Leinpfad am Rhein: Radweg in Widdig soll ausgebaut werden

Leinpfad am Rhein : Radweg in Widdig soll ausgebaut werden

Ortsvorsteher tun sich zusammen und beantragen Ausbau des des Leinpfades unterhalb der Hochwasserschutzmauer in Widdig auf einer Länge von 700 Metern. Dort müssen Radfahrer zurzeit Umwege oder unbefestigte Wege auf sich nehmen.

Wer mit dem Fahrrad auf dem Leinpfad am Rhein in Richtung Wesseling unterwegs ist, muss auf Höhe der Schweizstraße in Widdig heftig in die Pedale treten: Statt entlang des Stroms werden Radfahrer dort über einen kurzen steilen Anstieg auf den höhergelegenen Rheinuferweg gelenkt. Dort führt der Weg entlang der Hochwasserschutzmauer über die Nato-Rampe wieder auf den Leinpfad am Rhein zurück.

Wer den Umweg nicht in Kauf nehmen will, sondern weiter am Rheinufer entlang fährt, muss sich auf ruckelige 700 Meter auf einem Trampelpfad einstellen. Damit soll nach Auffassung der Ortsvorsteher von Widdig, Uedorf und Hersel bald Schluss sein: Gemeinsam beantragten Konrad Velten, Bernd Marx und Franz-Josef Faßbender den Ausbau des Leinpfades unterhalb der Hochwasserschutzmauer in Widdig auf einer Länge von 700 Metern.

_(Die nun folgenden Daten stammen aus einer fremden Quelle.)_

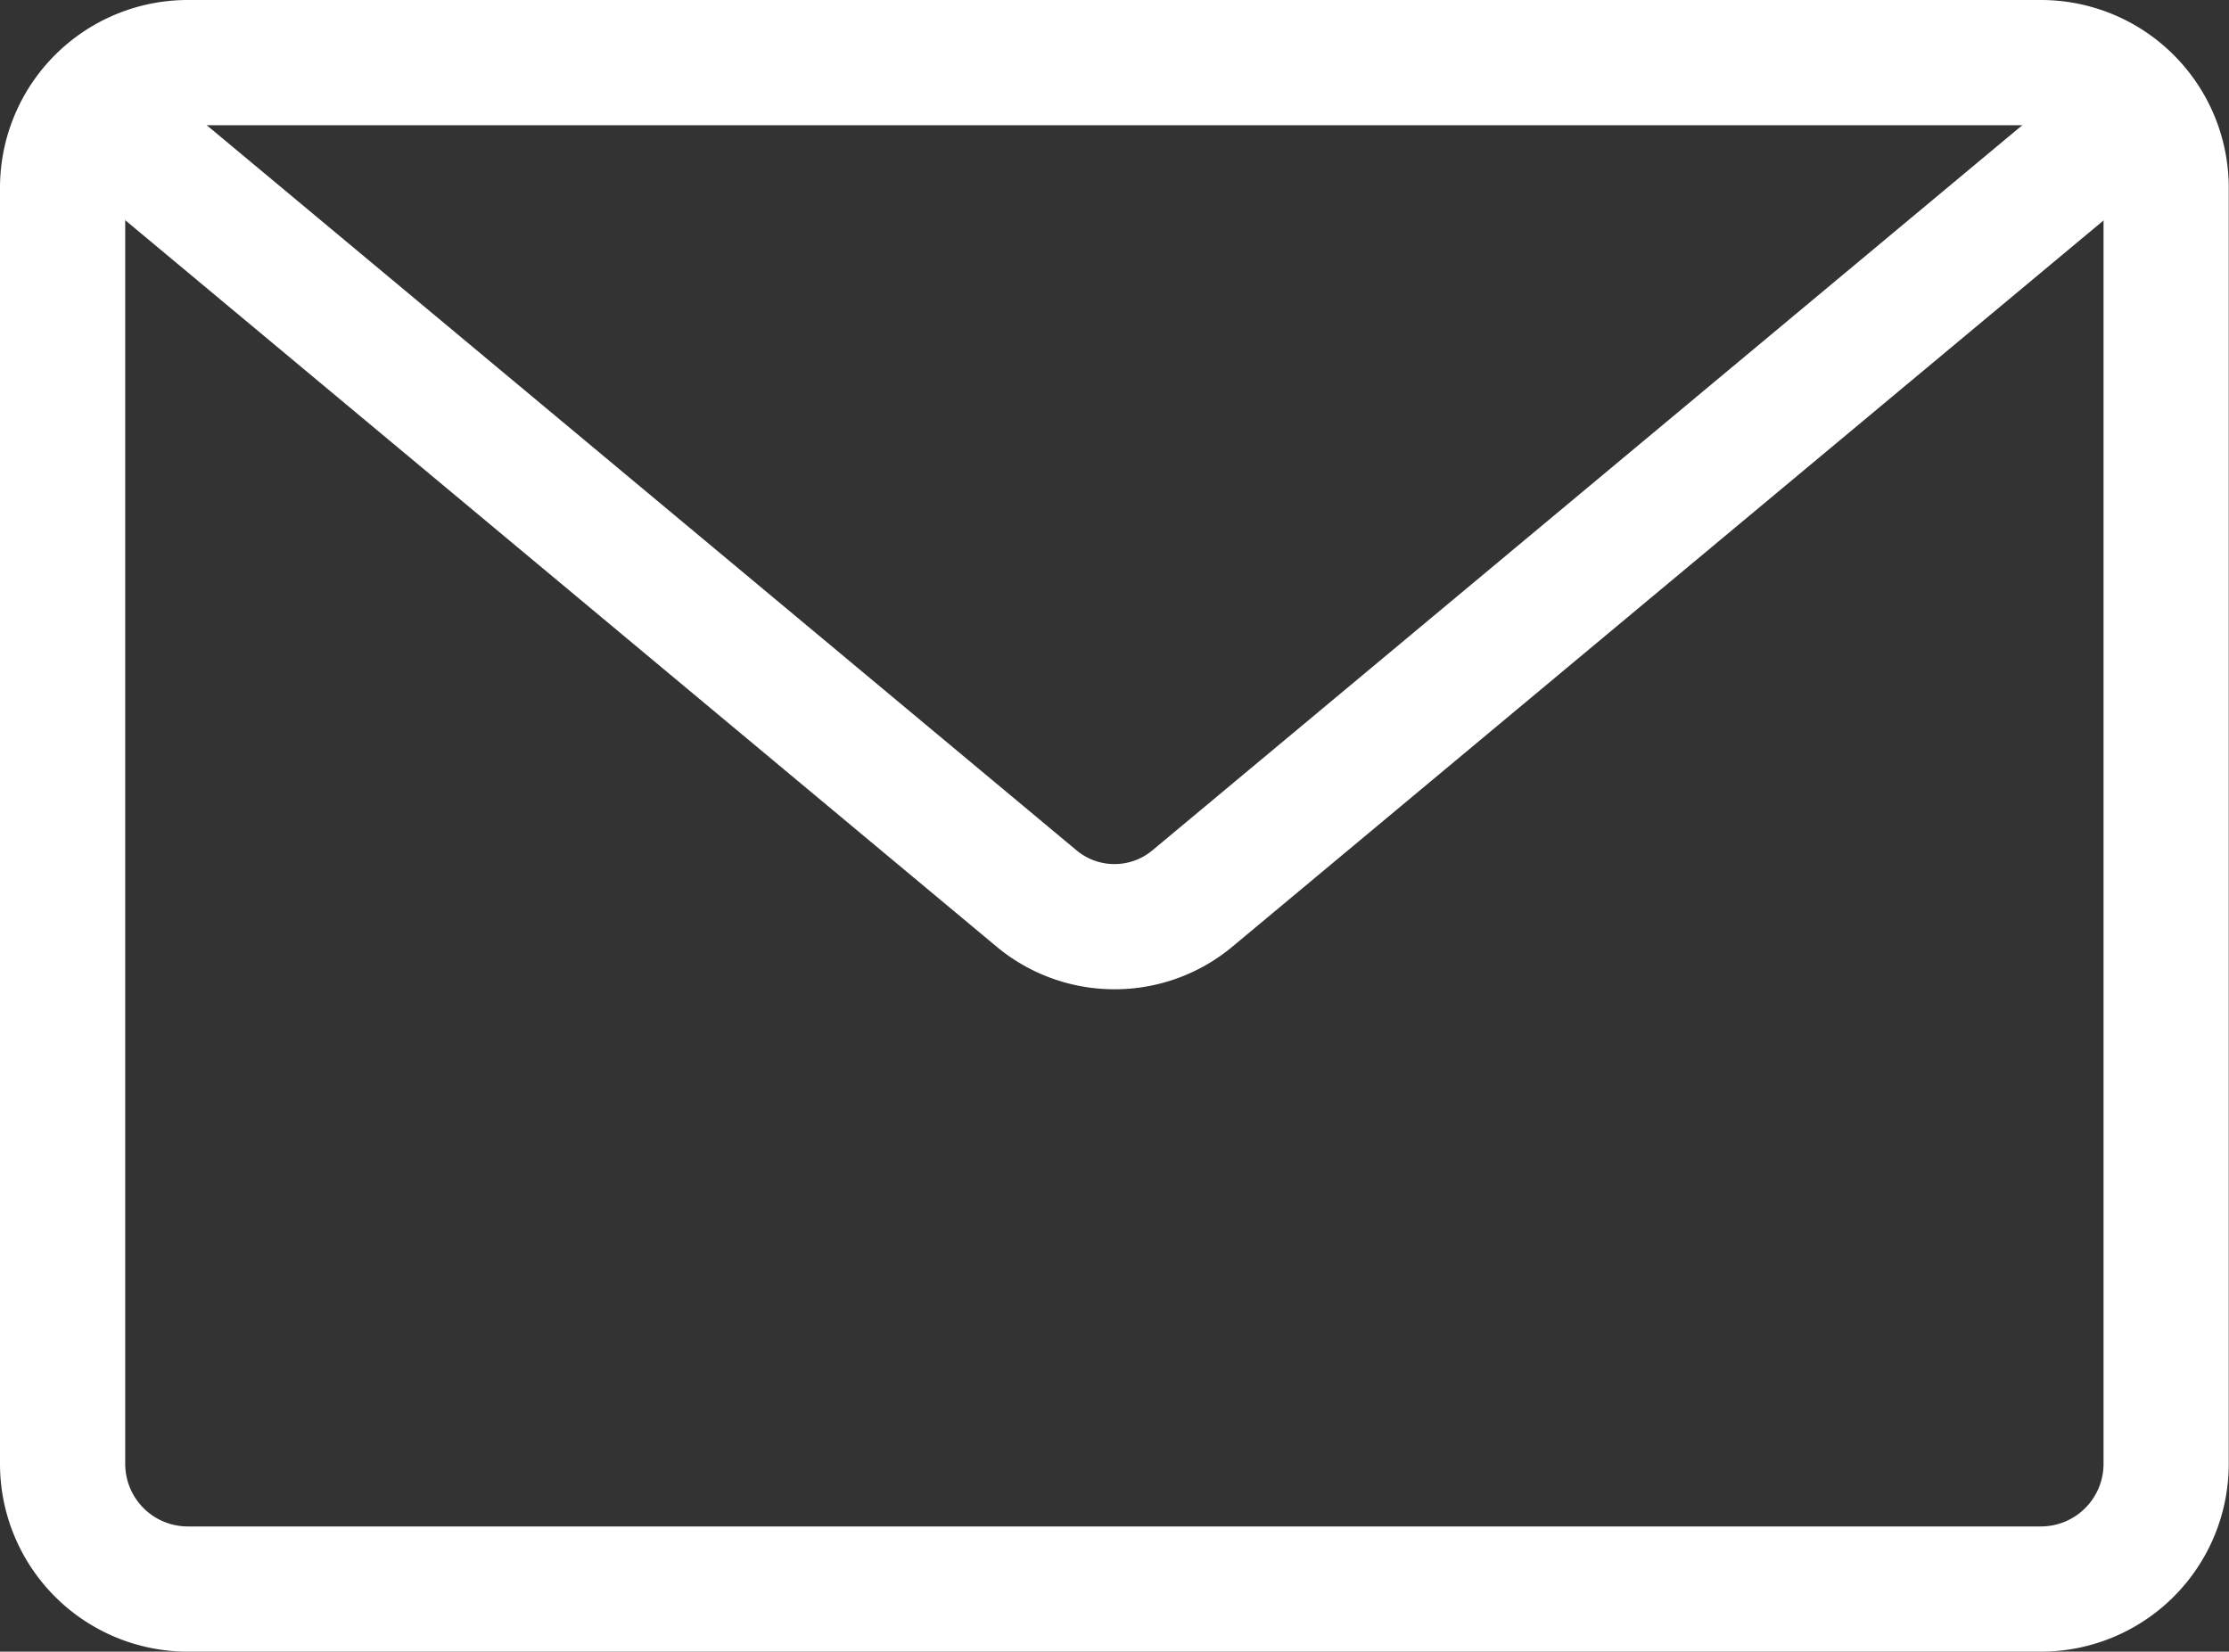 <svg xmlns="http://www.w3.org/2000/svg" width="35.604" height="26.384" viewBox="0 0 35.604 26.384"><rect x="0" y="0" width="35.604" height="26.384" fill="#333333" stroke="none"/><g transform="translate(1 1)"><path d="M2-1H31.6a3,3,0,0,1,3,3V22.384a3,3,0,0,1-3,3H2a3,3,0,0,1-3-3V2A3,3,0,0,1,2-1ZM31.6,23.384a1,1,0,0,0,1-1V2a1,1,0,0,0-1-1H2A1,1,0,0,0,1,2V22.384a1,1,0,0,0,1,1Z" fill="#fff"/><path d="M4225.469,1217.936a2.941,2.941,0,0,1-1.886-.683l-14.816-12.353a1,1,0,1,1,1.28-1.536l14.816,12.353a.946.946,0,0,0,1.211,0l14.818-12.353a1,1,0,1,1,1.28,1.536l-14.817,12.353A2.937,2.937,0,0,1,4225.469,1217.936Z" transform="translate(-4208.667 -1203.133)" fill="#fff"/></g></svg>
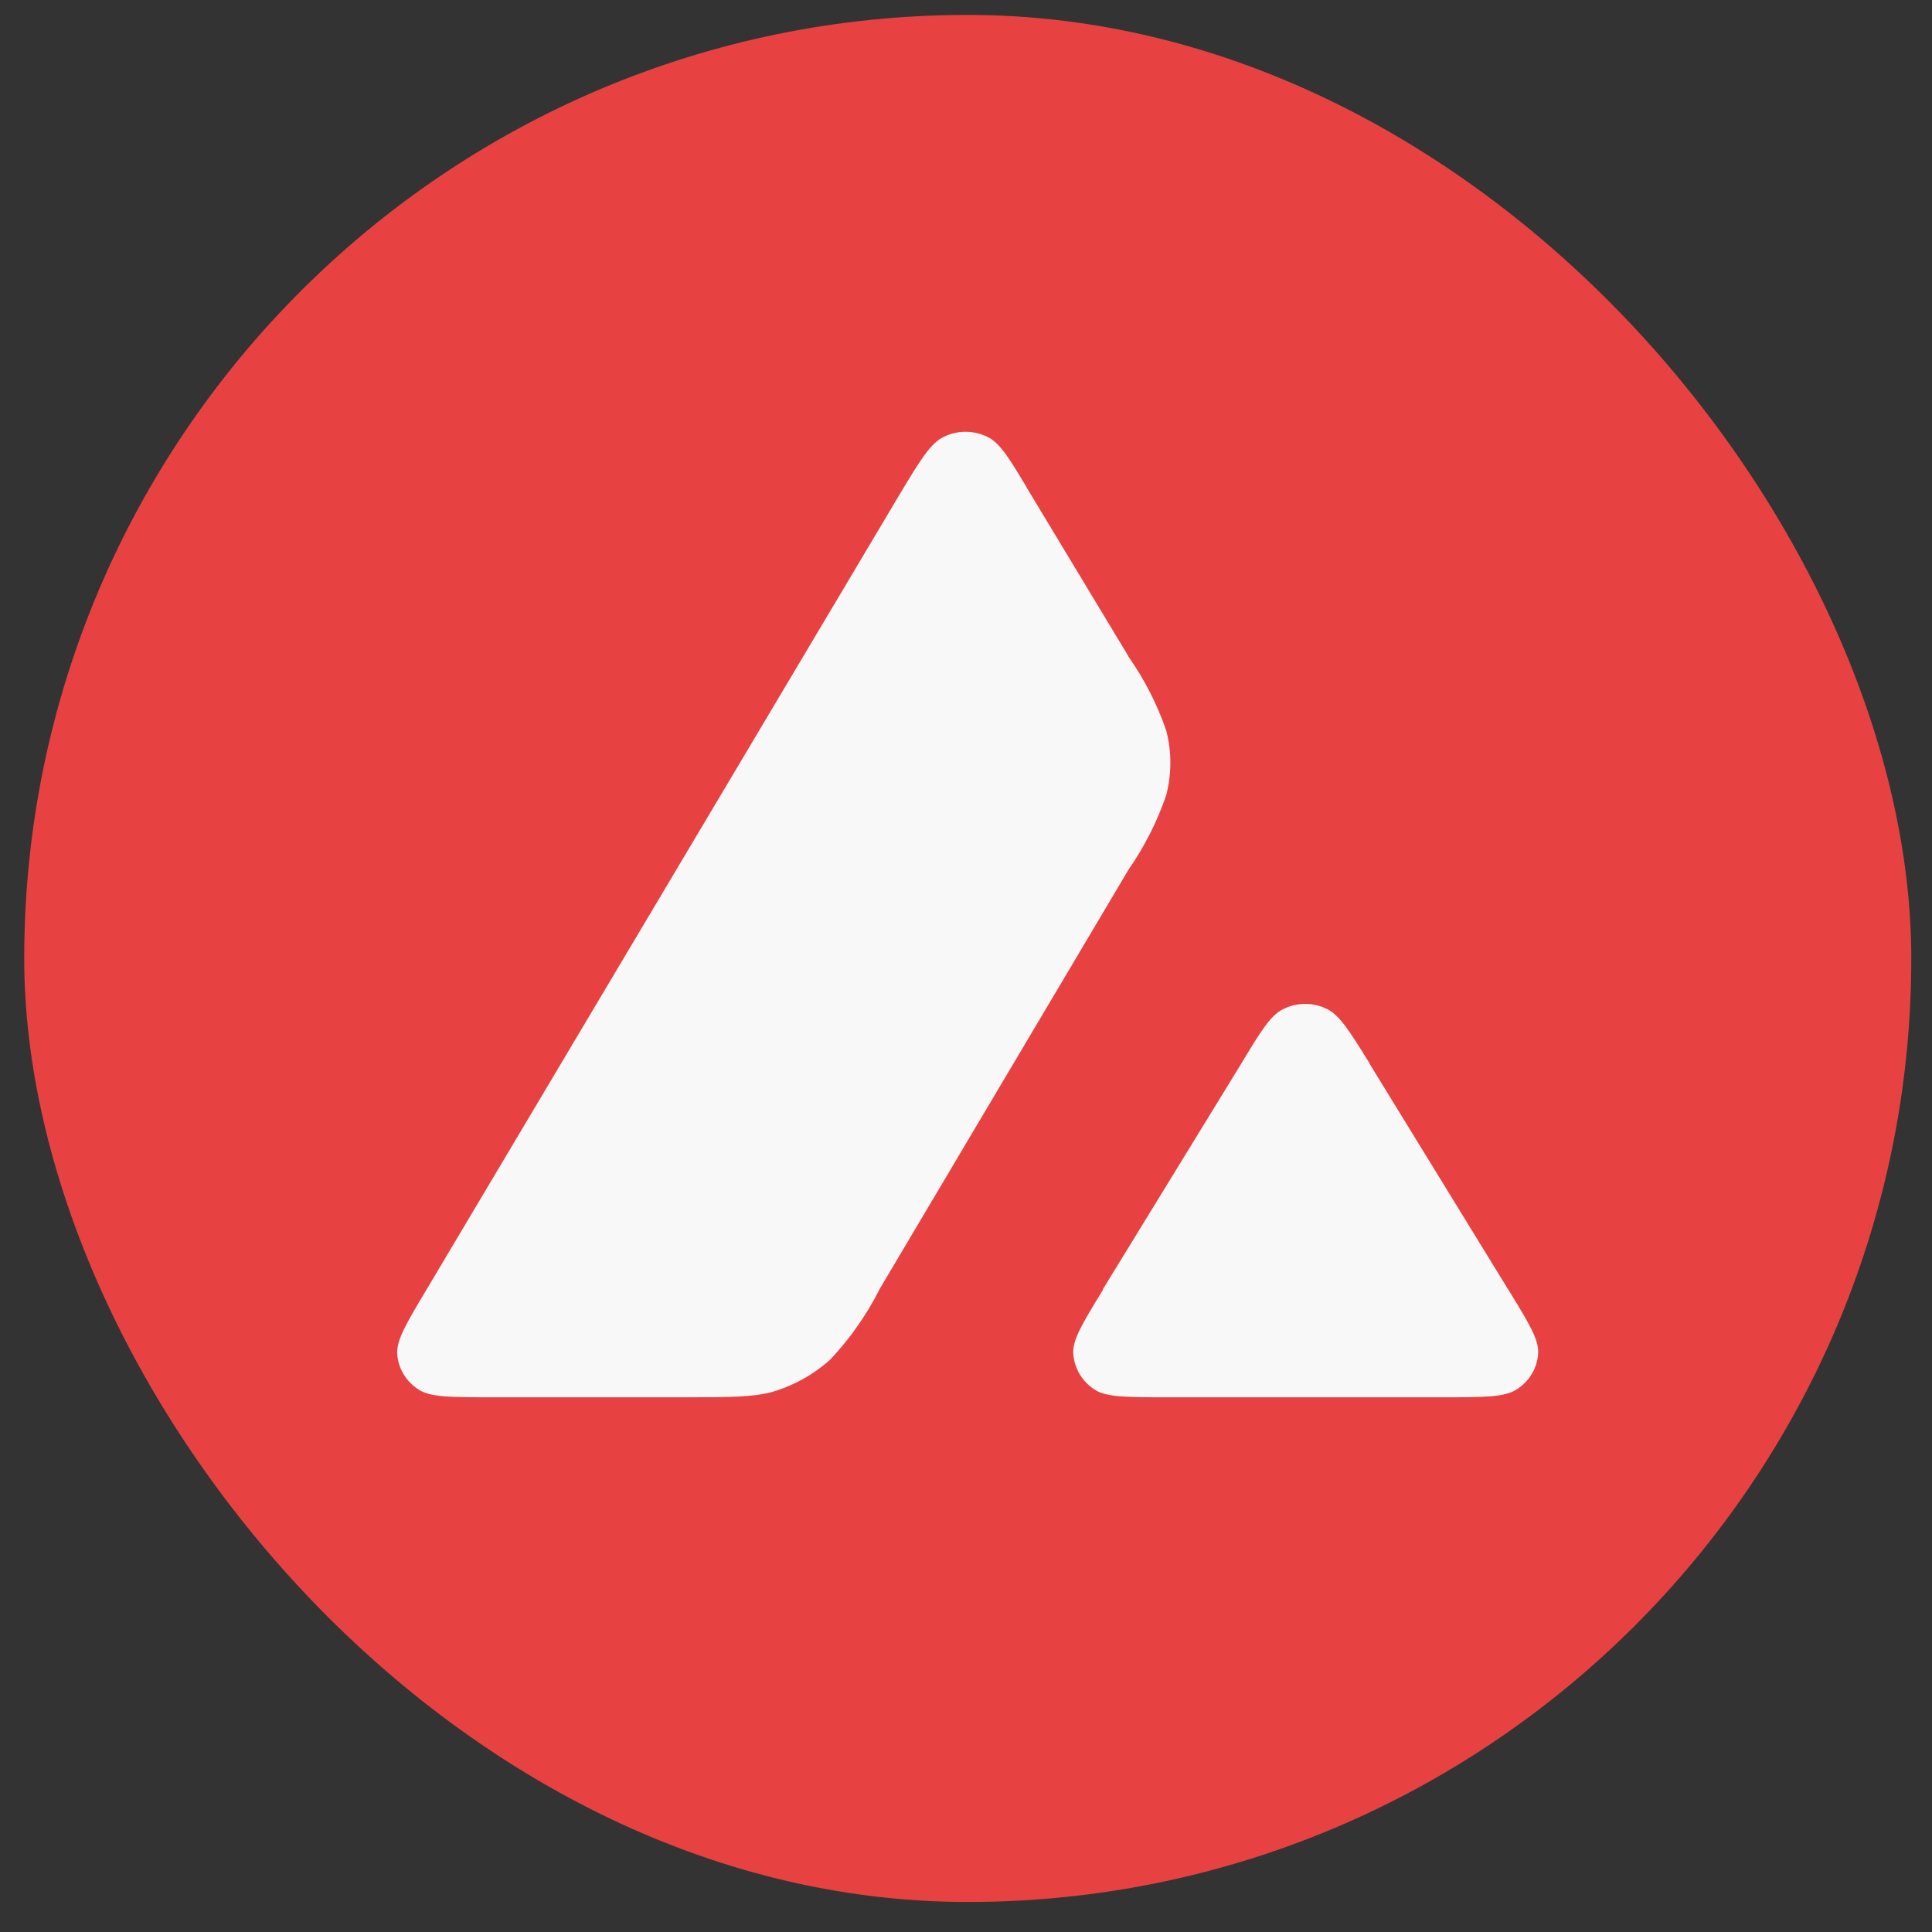<svg width="43" height="43" viewBox="0 0 43 43" fill="none" xmlns="http://www.w3.org/2000/svg">
<rect x="0" y="0" width="43" height="43" fill="#333333" stroke="none"/>
<rect x="0.539" y="0.332" width="42" height="42" rx="21" fill="#E84142"/>
<path d="M15.21 31.099H10.946C10.047 31.099 9.602 31.099 9.334 30.938C9.191 30.85 9.071 30.731 8.985 30.589C8.899 30.448 8.849 30.288 8.841 30.125C8.825 29.819 9.047 29.449 9.491 28.706L20.03 10.992C20.481 10.24 20.713 9.864 20.999 9.726C21.151 9.65 21.32 9.61 21.491 9.61C21.662 9.61 21.831 9.65 21.983 9.726C22.267 9.864 22.491 10.24 22.935 10.992L25.11 14.598L25.117 14.615C25.474 15.125 25.758 15.68 25.958 16.264C26.078 16.724 26.078 17.224 25.958 17.692C25.758 18.281 25.475 18.841 25.117 19.356L19.578 28.689L19.563 28.721C19.279 29.277 18.914 29.796 18.482 30.256C18.11 30.592 17.662 30.841 17.174 30.984C16.723 31.099 16.222 31.099 15.213 31.099M25.999 31.099H32.108C33.022 31.099 33.474 31.099 33.745 30.931C33.888 30.843 34.007 30.723 34.092 30.582C34.177 30.44 34.226 30.281 34.234 30.118C34.251 29.817 34.037 29.465 33.609 28.765L33.561 28.69L30.498 23.701L30.466 23.641C30.037 22.949 29.816 22.597 29.538 22.459C29.387 22.383 29.219 22.343 29.049 22.343C28.88 22.343 28.712 22.383 28.561 22.459C28.276 22.595 28.053 22.965 27.609 23.701L24.545 28.697V28.714C24.093 29.448 23.872 29.819 23.887 30.118C23.896 30.282 23.945 30.442 24.03 30.585C24.116 30.728 24.235 30.849 24.378 30.938C24.642 31.099 25.093 31.099 25.999 31.099Z" fill="#F8F8F9"/>
</svg>

Im Umweltausschuss der Stadt Bornheim stellte Marx das Anliegen stellvertretend für die Ortsvorsteher vor. Nach deren Auffassung würde der Ausbau des Leinpfads die Verkehrssicherheit erhöhen und eine bessere Annahme der Verkehrsführung durch den Radwanderverkehr entlang des Rheins bewirken. Laut Marx kam es in Widdig wiederholt zu gefährlichen Situationen zwischen Fußgängern und Radfahrern. Besonders kritisch sei die unübersichtliche Ab- und Auffahrt an der Schweizstraße.

Die Verwaltung wies gleich auf mehrere Sachverhalte hin. So handele es sich bei dem betreffenden Bereich um den einzigen unbefestigten Abschnitt des Leinpfads zwischen Köln und Bonn, der als geschützter Landschaftsbestandteil festgesetzt sei. Darüber hinaus sei der Leinpfad im Eigentum der Bundesrepublik Deutschland, vertreten durch die Wasserschifffahrtsverwaltung (WSV), mit der die Stadt Bornheim wiederum einen Nutzungsvertrag geschlossen habe. Bei einer Veränderung würde eine Zustimmung des WSV vonnöten sein.

Zusätzlich liege der Leinpfad im Überschwemmungsgebiet des Rheins. Der in Rede stehende Abschnitt sei der Straßenverkehrsbehörde zudem nicht als Unfallhäufungsstelle bekannt. Zuletzt werden noch die Kosten ins Feld geführt: Aufgrund der schwierigen Lage müsse unabhängig von einer möglichen Förderung von Kosten in Höhe von 500.000 bis 600.000 Euro ausgegangen werden. "Es werden dicke Bretter sein, die wir da bohren müssen", kündigte Bürgermeister Wolfgang Henseler an. Bei einer Gegenstimme von Heinz Müller (UWG) empfahl der Umweltausschuss dem Ausschuss für Stadtentwicklung, eine Abstimmung mit den beteiligten Behörden durchzuführen und über das Ergebnis zu berichten.